Where the records hold the string "latitude", show the whole line it sits on.

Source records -
——————

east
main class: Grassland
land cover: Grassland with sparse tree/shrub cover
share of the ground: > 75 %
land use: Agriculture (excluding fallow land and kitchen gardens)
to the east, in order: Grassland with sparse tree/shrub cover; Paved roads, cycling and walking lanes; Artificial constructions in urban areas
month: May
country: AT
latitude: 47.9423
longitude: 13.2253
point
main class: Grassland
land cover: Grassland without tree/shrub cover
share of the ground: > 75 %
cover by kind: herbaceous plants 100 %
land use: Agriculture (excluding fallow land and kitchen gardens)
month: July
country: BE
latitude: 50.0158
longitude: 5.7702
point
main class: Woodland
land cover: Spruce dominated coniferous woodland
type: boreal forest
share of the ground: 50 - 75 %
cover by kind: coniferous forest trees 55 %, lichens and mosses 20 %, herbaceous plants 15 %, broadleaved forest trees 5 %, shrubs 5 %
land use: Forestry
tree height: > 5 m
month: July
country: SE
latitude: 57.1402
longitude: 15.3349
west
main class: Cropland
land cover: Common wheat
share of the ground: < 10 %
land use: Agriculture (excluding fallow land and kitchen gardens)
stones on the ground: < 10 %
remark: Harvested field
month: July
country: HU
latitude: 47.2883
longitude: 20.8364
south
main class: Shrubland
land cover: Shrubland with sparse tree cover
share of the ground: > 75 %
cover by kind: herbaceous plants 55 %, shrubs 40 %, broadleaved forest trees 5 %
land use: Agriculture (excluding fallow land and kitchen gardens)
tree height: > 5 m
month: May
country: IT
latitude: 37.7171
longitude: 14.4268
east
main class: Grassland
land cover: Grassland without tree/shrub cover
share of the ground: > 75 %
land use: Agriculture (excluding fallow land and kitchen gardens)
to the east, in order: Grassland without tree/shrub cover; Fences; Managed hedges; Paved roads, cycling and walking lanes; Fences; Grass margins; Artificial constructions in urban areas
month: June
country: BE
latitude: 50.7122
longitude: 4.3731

——————

Answer to this task -
latitude: 47.9423
latitude: 50.0158
latitude: 57.1402
latitude: 47.2883
latitude: 37.7171
latitude: 50.7122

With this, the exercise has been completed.